Count every line of the material that holds the string "physical". Respond with the total only.

* _Input data_:
============

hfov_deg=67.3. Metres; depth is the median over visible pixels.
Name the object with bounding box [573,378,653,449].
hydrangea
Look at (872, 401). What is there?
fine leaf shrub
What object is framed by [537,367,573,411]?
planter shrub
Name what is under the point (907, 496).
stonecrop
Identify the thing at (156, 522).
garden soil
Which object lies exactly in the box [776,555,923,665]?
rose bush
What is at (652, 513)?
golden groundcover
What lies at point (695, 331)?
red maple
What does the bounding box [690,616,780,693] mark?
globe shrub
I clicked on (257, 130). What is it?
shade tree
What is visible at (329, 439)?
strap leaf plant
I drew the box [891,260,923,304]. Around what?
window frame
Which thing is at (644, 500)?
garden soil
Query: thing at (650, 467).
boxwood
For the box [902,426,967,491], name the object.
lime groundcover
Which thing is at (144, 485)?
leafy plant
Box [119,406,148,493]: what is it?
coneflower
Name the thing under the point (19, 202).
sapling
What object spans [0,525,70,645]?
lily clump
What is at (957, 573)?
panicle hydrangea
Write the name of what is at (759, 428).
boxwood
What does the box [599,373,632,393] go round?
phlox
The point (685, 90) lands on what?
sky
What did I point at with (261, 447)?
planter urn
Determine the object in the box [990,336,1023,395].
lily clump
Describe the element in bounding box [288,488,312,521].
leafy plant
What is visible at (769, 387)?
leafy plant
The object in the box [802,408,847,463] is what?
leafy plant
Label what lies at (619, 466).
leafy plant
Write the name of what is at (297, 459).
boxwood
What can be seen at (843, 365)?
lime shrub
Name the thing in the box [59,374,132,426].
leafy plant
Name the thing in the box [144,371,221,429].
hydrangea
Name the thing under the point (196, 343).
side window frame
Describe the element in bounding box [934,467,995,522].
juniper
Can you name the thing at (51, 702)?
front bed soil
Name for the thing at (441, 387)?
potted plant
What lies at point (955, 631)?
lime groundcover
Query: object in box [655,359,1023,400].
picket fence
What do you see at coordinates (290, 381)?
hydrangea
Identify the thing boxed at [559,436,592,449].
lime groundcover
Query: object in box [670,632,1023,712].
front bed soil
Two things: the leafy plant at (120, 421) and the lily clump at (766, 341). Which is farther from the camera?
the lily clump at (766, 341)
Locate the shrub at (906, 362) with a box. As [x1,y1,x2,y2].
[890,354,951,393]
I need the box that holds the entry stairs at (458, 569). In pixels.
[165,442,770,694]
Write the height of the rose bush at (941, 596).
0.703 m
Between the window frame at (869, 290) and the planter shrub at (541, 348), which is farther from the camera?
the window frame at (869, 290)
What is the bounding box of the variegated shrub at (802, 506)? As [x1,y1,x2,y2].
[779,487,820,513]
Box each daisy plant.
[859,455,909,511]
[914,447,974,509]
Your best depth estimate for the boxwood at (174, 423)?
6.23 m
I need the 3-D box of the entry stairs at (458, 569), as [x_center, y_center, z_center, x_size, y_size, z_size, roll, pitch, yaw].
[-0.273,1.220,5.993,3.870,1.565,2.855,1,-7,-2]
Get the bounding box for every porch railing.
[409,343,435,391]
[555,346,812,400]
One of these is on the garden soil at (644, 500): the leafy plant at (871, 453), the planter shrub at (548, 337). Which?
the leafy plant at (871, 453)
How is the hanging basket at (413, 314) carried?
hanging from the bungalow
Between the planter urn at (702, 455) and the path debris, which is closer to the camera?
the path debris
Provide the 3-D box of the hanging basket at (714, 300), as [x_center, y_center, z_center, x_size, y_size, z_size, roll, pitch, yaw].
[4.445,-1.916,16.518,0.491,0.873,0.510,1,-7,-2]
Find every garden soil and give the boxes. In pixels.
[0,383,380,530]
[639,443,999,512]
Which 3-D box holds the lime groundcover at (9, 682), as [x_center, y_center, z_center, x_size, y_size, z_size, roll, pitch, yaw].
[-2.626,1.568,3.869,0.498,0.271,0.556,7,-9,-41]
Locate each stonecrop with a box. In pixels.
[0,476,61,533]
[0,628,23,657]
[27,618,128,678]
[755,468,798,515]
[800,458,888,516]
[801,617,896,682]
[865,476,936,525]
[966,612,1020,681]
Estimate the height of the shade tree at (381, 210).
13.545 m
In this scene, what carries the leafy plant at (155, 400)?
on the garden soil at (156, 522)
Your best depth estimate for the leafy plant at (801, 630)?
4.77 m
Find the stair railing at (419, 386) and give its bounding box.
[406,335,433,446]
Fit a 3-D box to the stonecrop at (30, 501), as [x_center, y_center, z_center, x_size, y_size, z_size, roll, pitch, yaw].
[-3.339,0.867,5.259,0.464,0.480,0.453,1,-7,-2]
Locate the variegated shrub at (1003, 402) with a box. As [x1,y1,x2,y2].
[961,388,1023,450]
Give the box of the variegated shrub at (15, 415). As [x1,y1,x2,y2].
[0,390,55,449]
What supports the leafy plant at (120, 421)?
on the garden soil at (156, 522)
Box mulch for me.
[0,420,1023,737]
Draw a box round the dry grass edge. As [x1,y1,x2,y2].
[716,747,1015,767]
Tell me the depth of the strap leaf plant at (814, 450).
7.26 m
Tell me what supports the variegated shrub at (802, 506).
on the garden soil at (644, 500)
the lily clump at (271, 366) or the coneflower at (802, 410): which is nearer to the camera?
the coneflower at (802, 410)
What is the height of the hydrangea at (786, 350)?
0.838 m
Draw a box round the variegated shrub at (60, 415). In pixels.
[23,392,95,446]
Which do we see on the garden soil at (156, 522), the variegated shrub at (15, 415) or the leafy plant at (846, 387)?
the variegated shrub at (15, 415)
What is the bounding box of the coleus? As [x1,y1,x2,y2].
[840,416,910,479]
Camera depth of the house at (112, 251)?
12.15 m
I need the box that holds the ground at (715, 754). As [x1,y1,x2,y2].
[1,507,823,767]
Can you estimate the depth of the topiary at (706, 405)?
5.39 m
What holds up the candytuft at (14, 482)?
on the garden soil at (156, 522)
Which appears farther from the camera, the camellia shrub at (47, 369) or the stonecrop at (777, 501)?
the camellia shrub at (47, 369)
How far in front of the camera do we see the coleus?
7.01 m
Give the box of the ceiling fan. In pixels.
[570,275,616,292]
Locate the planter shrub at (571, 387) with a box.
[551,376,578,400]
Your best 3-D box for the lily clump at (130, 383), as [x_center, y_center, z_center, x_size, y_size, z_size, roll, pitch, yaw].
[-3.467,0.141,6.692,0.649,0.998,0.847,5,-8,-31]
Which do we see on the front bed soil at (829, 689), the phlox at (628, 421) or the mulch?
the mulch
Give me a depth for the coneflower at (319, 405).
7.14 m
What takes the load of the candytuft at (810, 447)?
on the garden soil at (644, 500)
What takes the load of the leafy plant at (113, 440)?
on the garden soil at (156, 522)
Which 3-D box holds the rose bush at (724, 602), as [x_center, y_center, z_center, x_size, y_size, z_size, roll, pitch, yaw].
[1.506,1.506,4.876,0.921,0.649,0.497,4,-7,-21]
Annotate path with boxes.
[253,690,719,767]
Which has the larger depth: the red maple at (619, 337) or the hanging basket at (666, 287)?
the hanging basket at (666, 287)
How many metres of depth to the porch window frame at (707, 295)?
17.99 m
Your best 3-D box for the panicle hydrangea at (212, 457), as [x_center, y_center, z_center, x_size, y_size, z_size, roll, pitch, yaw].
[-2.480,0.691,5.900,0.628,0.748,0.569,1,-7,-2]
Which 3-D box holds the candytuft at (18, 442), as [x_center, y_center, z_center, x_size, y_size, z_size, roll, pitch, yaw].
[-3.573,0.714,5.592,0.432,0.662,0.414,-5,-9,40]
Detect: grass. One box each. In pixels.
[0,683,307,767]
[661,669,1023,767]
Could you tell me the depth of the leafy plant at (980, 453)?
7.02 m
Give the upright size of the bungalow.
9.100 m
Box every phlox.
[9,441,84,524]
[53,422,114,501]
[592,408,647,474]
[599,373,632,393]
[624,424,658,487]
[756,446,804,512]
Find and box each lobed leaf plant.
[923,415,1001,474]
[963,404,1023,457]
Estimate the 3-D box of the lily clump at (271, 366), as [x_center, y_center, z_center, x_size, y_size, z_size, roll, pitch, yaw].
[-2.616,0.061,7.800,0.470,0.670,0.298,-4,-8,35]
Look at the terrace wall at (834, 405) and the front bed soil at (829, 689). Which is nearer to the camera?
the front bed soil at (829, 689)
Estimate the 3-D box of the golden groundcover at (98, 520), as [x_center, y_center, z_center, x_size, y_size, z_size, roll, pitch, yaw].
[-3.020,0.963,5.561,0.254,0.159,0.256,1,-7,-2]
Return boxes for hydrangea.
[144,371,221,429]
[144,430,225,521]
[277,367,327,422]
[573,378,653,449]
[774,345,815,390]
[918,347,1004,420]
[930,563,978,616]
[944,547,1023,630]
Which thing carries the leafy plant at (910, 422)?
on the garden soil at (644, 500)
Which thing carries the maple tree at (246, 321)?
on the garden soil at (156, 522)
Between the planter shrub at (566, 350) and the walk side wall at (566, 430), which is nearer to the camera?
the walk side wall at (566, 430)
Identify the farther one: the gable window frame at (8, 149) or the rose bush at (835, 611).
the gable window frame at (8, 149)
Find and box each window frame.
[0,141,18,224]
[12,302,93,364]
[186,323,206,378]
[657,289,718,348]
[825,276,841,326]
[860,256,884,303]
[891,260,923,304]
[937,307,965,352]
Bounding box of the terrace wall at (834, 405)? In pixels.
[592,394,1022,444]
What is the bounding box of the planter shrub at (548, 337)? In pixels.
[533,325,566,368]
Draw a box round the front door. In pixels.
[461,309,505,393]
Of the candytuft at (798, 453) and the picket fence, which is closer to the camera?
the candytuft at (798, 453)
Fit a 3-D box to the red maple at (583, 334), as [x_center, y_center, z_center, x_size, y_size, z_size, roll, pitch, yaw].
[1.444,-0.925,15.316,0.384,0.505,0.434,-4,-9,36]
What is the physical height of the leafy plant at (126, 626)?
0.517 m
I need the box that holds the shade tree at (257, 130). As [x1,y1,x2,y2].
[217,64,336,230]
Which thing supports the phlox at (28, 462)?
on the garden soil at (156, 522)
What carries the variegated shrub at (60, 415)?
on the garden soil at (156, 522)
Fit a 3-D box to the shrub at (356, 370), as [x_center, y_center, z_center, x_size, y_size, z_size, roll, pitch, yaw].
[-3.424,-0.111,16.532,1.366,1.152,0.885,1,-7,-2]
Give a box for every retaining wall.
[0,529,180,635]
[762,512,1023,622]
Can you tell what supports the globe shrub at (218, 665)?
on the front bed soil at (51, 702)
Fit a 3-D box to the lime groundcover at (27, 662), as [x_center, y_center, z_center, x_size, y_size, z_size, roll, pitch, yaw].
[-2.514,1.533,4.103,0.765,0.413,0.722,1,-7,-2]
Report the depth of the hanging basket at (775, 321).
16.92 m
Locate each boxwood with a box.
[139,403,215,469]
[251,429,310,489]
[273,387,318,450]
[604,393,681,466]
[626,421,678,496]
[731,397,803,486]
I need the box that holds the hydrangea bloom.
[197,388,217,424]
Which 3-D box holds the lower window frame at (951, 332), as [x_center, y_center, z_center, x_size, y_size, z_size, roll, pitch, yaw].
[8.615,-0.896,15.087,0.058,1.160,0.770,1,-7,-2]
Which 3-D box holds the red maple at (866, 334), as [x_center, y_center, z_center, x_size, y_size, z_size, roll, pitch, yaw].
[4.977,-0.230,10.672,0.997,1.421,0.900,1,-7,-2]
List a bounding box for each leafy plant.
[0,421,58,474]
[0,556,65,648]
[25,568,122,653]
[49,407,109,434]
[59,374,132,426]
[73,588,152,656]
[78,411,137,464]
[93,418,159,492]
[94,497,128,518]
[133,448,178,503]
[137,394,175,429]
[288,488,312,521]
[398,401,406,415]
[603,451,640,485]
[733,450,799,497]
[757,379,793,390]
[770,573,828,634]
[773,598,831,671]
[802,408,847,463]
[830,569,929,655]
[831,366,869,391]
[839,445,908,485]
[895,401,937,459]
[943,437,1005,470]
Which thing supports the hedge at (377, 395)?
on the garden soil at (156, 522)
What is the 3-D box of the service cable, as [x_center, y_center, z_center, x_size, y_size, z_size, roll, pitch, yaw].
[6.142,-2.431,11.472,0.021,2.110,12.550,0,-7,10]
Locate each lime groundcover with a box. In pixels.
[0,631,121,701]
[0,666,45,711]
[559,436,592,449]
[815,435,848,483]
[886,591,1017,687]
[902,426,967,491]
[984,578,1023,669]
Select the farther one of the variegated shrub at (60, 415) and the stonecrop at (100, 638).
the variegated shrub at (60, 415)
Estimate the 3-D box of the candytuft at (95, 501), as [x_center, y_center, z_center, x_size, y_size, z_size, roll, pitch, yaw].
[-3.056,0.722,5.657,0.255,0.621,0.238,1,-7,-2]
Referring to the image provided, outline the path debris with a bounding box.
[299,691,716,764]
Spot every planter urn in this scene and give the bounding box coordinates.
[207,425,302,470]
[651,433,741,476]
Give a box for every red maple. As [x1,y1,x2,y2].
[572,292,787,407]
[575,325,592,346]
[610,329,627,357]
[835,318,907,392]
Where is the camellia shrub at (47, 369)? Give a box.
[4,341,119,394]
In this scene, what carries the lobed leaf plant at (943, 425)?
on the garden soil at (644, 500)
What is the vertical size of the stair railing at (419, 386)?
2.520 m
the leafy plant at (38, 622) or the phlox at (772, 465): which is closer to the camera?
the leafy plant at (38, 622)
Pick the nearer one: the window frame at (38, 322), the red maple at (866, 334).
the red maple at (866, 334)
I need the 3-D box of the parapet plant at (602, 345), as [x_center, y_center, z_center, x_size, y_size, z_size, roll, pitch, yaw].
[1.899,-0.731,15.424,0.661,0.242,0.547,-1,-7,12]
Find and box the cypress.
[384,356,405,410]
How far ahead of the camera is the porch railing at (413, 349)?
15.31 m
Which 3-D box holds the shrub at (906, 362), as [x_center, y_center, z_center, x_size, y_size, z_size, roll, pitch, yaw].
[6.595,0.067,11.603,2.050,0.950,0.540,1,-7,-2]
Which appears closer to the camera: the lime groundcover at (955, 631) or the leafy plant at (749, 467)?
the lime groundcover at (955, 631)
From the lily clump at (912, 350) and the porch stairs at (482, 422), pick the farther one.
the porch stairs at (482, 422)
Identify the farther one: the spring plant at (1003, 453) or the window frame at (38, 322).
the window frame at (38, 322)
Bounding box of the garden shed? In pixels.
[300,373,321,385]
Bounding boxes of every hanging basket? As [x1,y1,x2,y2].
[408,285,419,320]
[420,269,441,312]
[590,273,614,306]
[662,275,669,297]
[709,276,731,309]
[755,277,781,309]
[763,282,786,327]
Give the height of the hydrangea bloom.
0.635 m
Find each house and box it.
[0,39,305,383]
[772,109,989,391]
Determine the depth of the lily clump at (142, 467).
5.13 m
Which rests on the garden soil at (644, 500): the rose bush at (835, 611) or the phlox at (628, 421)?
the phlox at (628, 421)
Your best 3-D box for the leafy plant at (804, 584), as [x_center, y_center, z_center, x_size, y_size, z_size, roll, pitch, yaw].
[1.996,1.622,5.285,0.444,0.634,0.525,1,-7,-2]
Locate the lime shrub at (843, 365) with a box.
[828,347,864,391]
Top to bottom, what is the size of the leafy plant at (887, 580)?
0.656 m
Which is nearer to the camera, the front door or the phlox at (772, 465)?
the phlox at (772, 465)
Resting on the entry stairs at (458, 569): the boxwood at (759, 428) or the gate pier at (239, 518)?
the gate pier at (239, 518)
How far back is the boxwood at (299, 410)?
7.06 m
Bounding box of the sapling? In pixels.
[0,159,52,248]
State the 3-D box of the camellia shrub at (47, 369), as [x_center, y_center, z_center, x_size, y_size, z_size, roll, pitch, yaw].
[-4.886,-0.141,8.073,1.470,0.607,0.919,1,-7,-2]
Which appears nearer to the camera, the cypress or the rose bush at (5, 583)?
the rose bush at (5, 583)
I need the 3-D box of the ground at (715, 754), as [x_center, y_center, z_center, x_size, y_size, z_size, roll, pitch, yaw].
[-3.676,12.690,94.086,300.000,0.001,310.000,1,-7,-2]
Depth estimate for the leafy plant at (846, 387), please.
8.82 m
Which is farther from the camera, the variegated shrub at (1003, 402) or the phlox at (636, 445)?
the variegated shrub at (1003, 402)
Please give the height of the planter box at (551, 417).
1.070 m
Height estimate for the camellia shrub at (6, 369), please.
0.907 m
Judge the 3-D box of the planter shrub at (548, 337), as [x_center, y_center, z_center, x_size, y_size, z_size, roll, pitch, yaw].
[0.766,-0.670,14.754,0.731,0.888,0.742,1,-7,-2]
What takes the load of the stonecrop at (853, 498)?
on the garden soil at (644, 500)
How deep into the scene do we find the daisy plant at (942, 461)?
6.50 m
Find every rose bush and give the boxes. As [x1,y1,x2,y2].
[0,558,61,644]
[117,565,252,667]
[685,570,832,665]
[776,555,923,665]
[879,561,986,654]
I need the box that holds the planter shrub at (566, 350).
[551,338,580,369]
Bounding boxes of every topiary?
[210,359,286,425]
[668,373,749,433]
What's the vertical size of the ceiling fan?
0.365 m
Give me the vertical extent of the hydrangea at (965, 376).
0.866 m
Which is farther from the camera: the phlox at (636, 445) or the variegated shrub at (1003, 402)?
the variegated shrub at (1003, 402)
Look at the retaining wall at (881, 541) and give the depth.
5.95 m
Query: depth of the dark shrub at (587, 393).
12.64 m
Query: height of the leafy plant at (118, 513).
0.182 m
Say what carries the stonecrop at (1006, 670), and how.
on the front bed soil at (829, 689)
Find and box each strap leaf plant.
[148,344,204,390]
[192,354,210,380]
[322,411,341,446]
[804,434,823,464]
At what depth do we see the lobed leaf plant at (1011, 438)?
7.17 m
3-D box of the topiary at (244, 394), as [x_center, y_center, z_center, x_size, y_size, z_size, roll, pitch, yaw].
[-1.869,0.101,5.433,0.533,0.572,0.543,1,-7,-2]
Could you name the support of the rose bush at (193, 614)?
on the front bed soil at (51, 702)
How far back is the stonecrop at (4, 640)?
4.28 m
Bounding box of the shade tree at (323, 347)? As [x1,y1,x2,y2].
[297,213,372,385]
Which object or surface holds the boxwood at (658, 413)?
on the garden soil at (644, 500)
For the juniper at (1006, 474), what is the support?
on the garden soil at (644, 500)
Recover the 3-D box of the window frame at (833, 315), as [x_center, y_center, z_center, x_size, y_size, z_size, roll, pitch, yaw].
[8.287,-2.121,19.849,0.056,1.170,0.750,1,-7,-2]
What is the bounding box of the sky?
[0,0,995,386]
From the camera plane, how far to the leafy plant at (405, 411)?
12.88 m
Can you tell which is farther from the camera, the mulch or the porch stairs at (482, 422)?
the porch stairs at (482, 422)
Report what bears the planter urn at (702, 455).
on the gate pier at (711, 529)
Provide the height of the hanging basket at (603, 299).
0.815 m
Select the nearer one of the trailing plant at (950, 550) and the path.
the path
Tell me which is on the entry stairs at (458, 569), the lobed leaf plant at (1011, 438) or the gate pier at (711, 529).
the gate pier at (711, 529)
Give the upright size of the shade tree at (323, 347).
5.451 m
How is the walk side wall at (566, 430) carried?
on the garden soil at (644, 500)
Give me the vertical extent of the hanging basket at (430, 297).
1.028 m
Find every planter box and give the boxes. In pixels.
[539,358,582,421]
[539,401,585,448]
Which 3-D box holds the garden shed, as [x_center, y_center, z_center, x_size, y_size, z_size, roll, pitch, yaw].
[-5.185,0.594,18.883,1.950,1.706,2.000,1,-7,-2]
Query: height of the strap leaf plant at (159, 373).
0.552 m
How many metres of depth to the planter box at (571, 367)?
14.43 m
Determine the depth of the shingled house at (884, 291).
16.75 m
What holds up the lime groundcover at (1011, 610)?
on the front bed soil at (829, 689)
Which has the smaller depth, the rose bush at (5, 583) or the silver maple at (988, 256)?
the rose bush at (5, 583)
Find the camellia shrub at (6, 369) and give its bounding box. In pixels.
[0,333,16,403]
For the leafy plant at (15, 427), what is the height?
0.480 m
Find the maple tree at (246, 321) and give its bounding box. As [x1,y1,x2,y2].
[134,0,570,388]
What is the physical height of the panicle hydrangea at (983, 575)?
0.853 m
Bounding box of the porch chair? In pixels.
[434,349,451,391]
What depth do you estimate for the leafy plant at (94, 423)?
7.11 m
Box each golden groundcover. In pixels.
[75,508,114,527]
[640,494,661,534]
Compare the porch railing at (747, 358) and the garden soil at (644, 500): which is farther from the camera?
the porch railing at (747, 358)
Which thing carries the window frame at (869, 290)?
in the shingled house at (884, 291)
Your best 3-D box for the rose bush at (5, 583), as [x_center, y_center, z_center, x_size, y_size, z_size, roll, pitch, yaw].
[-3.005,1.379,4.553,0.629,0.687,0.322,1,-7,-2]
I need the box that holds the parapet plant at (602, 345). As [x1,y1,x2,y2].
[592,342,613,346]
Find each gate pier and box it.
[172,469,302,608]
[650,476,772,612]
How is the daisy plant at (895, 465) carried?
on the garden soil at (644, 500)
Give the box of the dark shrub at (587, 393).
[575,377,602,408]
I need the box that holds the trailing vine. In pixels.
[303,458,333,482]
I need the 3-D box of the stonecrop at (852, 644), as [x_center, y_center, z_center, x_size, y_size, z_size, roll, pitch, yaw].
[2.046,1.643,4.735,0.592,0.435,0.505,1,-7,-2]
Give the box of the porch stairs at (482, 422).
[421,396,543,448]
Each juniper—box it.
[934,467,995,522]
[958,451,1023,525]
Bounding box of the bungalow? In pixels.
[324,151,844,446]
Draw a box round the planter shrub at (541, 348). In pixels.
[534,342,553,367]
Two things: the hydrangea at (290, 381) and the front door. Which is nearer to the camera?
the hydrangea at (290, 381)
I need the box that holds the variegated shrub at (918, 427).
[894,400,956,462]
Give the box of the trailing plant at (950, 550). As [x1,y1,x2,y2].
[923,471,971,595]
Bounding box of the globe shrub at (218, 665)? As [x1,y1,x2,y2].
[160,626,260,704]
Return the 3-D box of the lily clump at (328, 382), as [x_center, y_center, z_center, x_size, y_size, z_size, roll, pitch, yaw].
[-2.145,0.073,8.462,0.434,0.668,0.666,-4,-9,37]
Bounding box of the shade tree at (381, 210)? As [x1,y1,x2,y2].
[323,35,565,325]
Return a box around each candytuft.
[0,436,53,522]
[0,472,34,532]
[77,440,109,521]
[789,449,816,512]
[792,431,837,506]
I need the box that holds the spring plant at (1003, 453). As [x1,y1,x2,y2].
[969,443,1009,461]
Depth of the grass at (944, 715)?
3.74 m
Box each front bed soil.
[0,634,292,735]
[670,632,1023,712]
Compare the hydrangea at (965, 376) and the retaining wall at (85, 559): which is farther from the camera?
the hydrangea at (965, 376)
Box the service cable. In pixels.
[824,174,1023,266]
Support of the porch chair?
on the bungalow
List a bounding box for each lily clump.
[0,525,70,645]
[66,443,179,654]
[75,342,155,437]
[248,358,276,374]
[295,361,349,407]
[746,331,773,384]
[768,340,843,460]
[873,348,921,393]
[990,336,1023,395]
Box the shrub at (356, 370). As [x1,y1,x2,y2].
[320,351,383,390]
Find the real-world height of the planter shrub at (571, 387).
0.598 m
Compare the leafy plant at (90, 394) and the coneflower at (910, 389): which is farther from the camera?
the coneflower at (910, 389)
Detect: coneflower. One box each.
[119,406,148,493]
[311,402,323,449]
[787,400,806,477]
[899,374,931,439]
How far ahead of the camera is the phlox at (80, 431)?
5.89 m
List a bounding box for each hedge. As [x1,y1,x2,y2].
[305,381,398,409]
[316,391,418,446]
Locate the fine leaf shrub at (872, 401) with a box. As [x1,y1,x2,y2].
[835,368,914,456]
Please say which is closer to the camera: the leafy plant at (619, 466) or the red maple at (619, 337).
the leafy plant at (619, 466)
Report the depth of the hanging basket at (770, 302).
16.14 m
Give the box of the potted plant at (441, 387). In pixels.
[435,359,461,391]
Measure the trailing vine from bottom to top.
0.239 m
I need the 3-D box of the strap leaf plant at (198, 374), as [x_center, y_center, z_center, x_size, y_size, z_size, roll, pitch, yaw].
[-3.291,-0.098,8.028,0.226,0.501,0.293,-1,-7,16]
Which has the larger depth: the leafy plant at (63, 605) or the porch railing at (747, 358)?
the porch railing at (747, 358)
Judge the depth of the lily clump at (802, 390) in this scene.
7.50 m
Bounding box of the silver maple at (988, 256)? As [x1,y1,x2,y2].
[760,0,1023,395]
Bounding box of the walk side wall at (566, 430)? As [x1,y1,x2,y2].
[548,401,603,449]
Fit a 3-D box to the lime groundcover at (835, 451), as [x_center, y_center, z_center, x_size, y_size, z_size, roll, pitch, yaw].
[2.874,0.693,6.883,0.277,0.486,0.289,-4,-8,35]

============

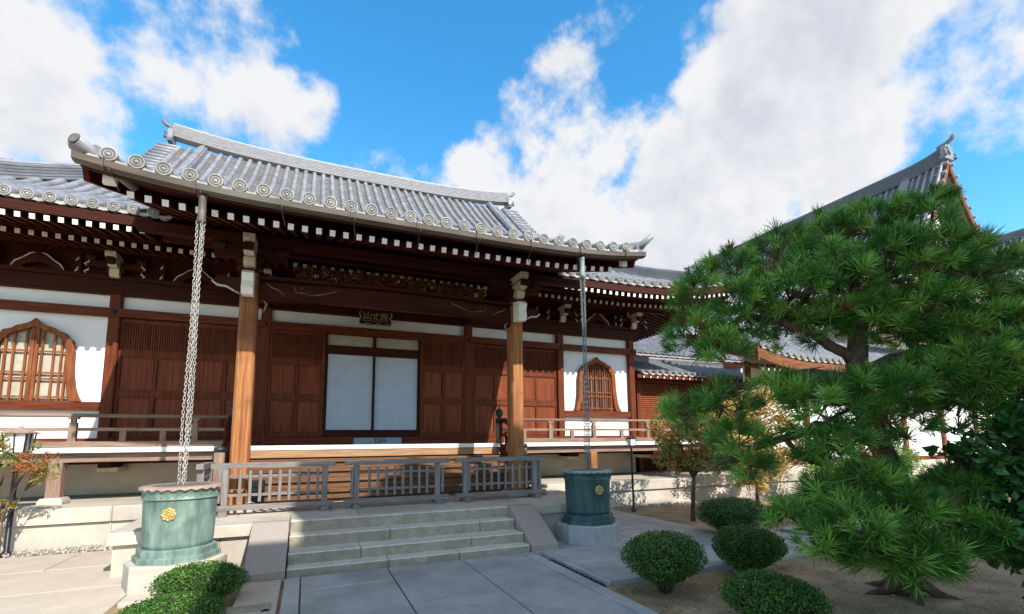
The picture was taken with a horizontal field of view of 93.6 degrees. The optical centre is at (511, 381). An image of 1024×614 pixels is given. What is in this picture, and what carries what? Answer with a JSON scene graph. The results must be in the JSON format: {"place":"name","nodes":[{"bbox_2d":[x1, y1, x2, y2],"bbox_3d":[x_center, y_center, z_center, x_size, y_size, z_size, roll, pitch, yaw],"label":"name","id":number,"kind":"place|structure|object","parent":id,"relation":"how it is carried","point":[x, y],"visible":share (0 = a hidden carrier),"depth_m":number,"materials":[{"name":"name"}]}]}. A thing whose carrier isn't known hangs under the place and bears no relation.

============

* _Written response_:
2